Records from a collection:
===============
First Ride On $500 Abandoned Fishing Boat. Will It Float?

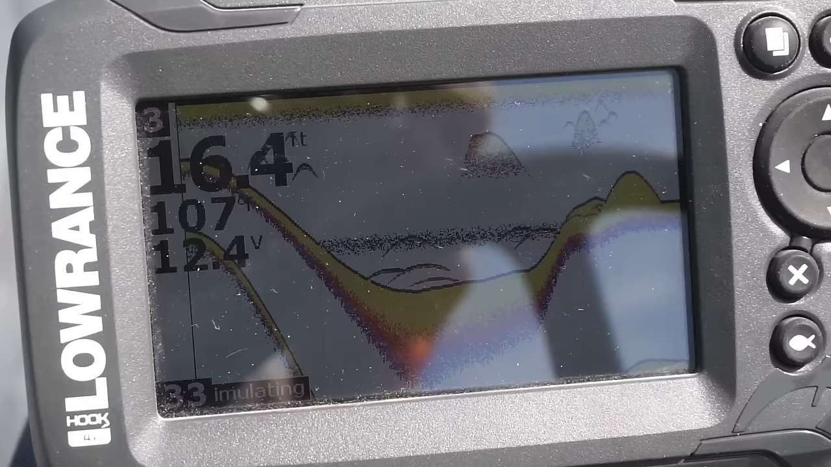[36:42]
On screen: depth 16.4 ft
This is a simulation. These are fish right here.
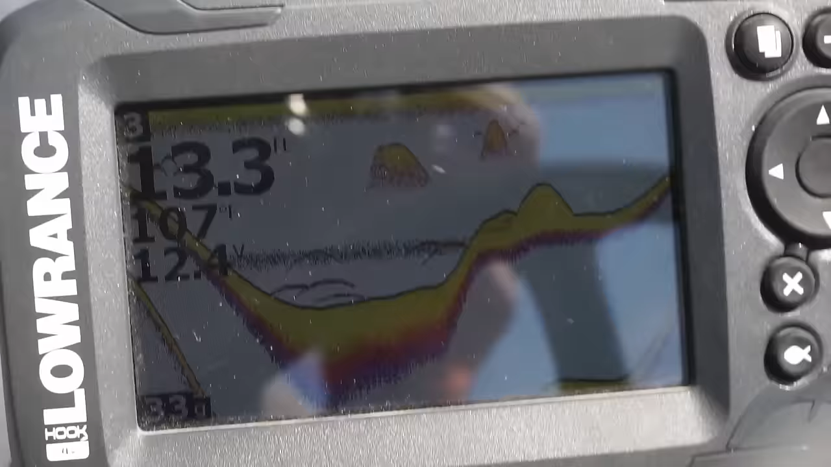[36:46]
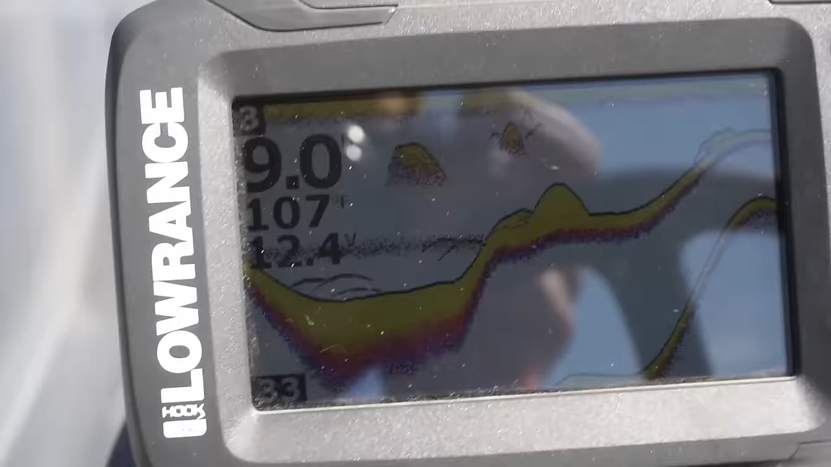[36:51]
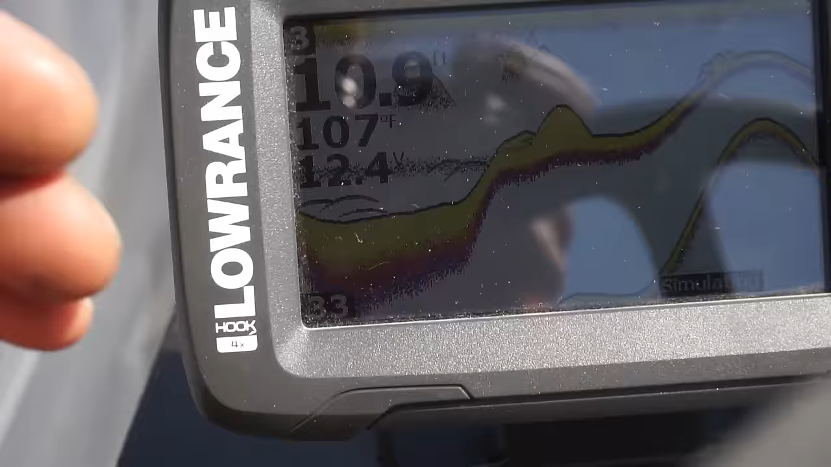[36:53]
On screen: depth 10.9 ft, water 107°F
Let's see if you click the fish button.
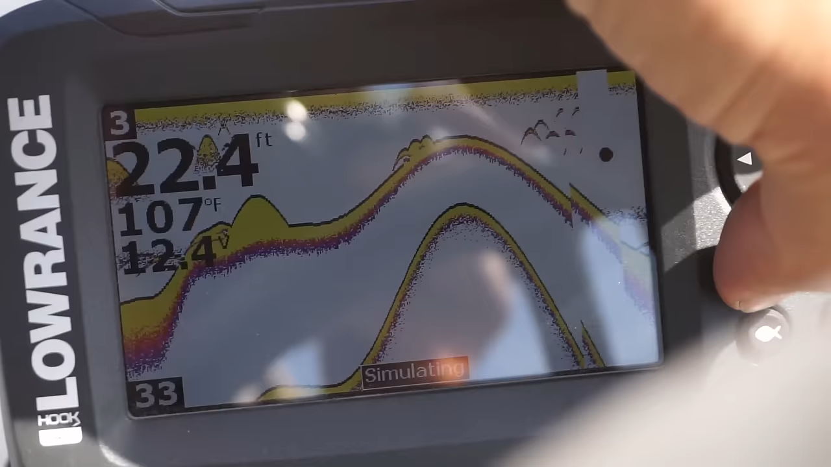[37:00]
On screen: depth 22.4 ft, water 107°F
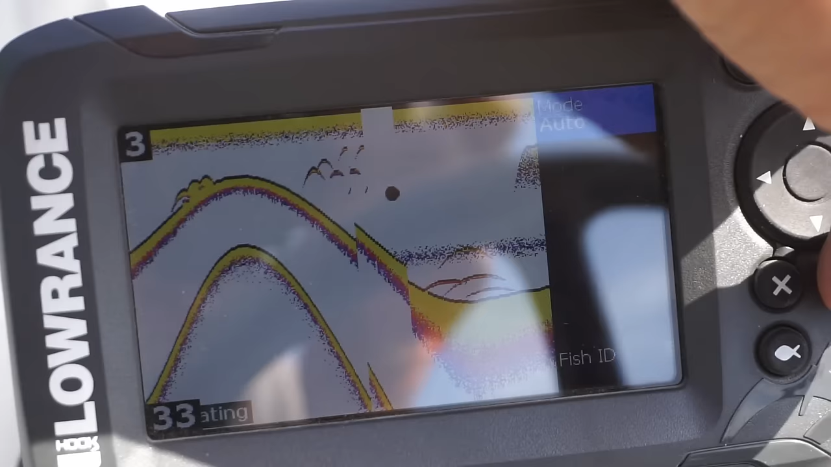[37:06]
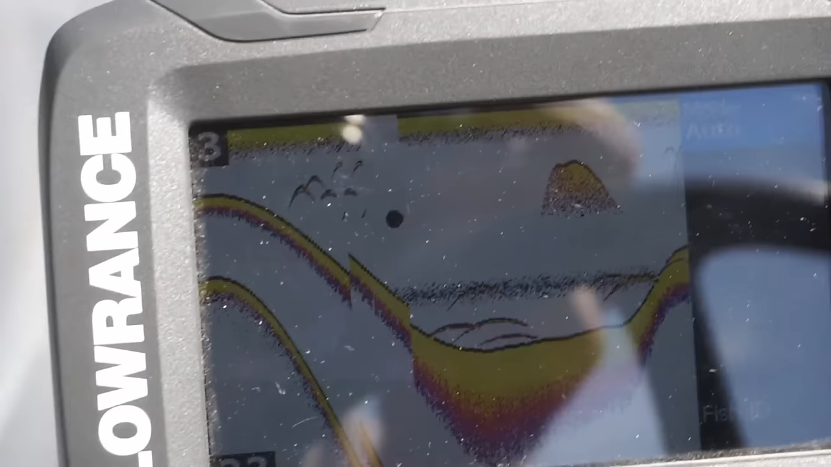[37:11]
So we'll have to play around with this, but at least it's working.
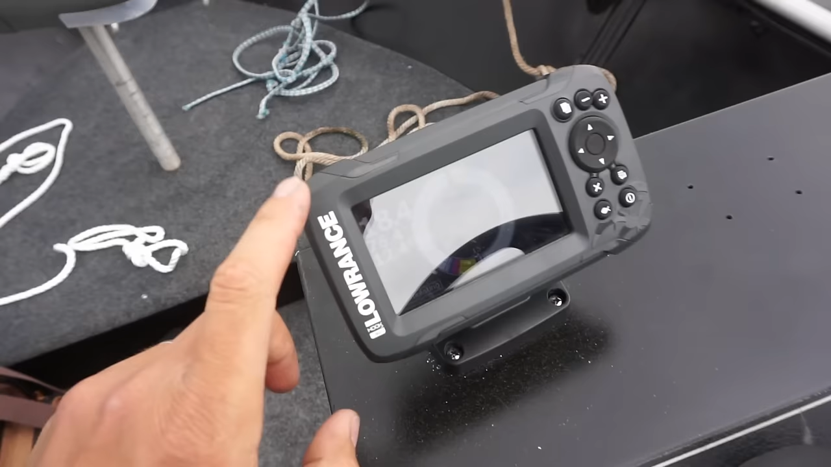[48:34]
Alright, we don't have Wi-Fi out here or 4G, so I'm trying to find out how to turn this off of simulation mode.
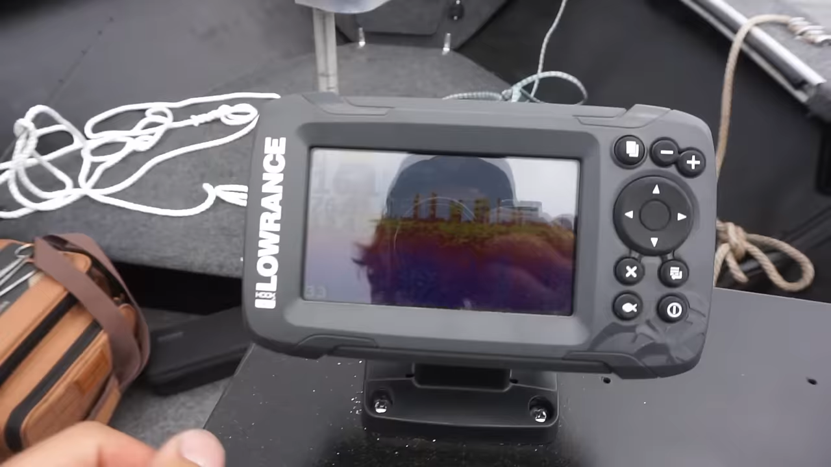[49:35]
All right, we finally got this thing to work.
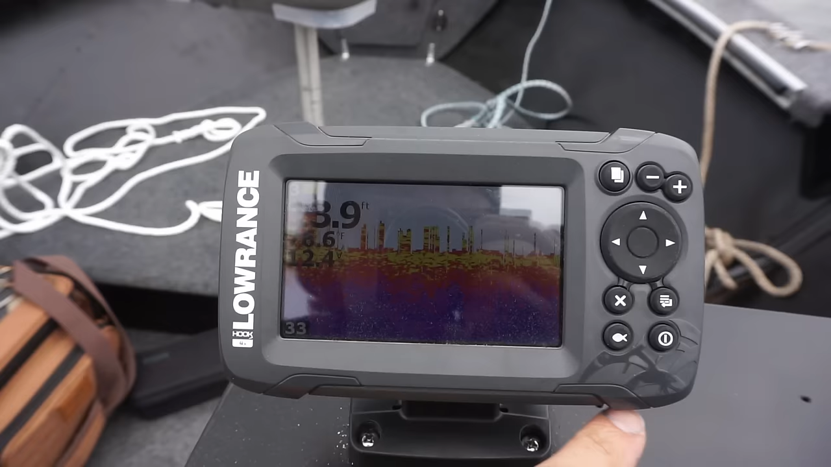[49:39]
To get it off of simulator mode, you hold down the power button until it turns back on, and it will get you to the settings, and then you scroll down to simulator and then click off. So that took me a while to figure out. I was just kind of pushing buttons, but we finally got it.
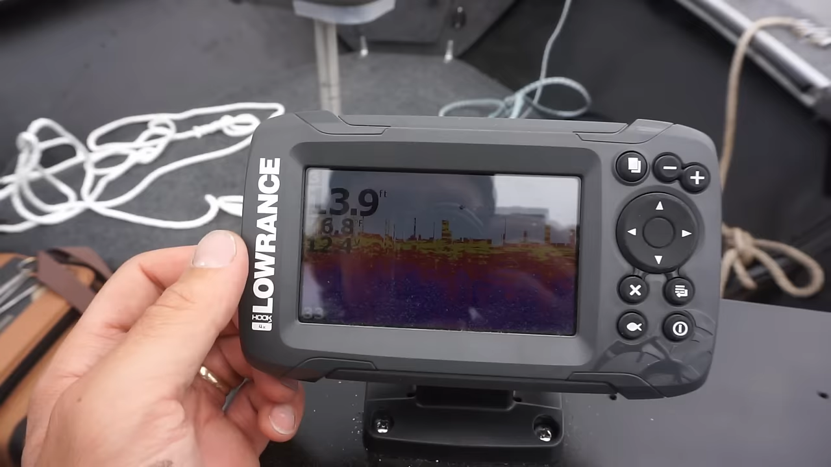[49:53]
So we're out on the lake right now. I think what we're gonna go do, see how fast this thing can go first.
===============
- **INSTRUCTIONS TO FOLLOW**: Copy the data word for word. Pictures do not go in the copy.

- **WRITTEN SOLUTION**:
First Ride On $500 Abandoned Fishing Boat. Will It Float?

[36:42]
On screen: depth 16.4 ft
This is a simulation. These are fish right here.
[36:46]
[36:51]
[36:53]
On screen: depth 10.9 ft, water 107°F
Let's see if you click the fish button.
[37:00]
On screen: depth 22.4 ft, water 107°F
[37:06]
[37:11]
So we'll have to play around with this, but at least it's working.
[48:34]
Alright, we don't have Wi-Fi out here or 4G, so I'm trying to find out how to turn this off of simulation mode.
[49:35]
All right, we finally got this thing to work.
[49:39]
To get it off of simulator mode, you hold down the power button until it turns back on, and it will get you to the settings, and then you scroll down to simulator and then click off. So that took me a while to figure out. I was just kind of pushing buttons, but we finally got it.
[49:53]
So we're out on the lake right now. I think what we're gonna go do, see how fast this thing can go first.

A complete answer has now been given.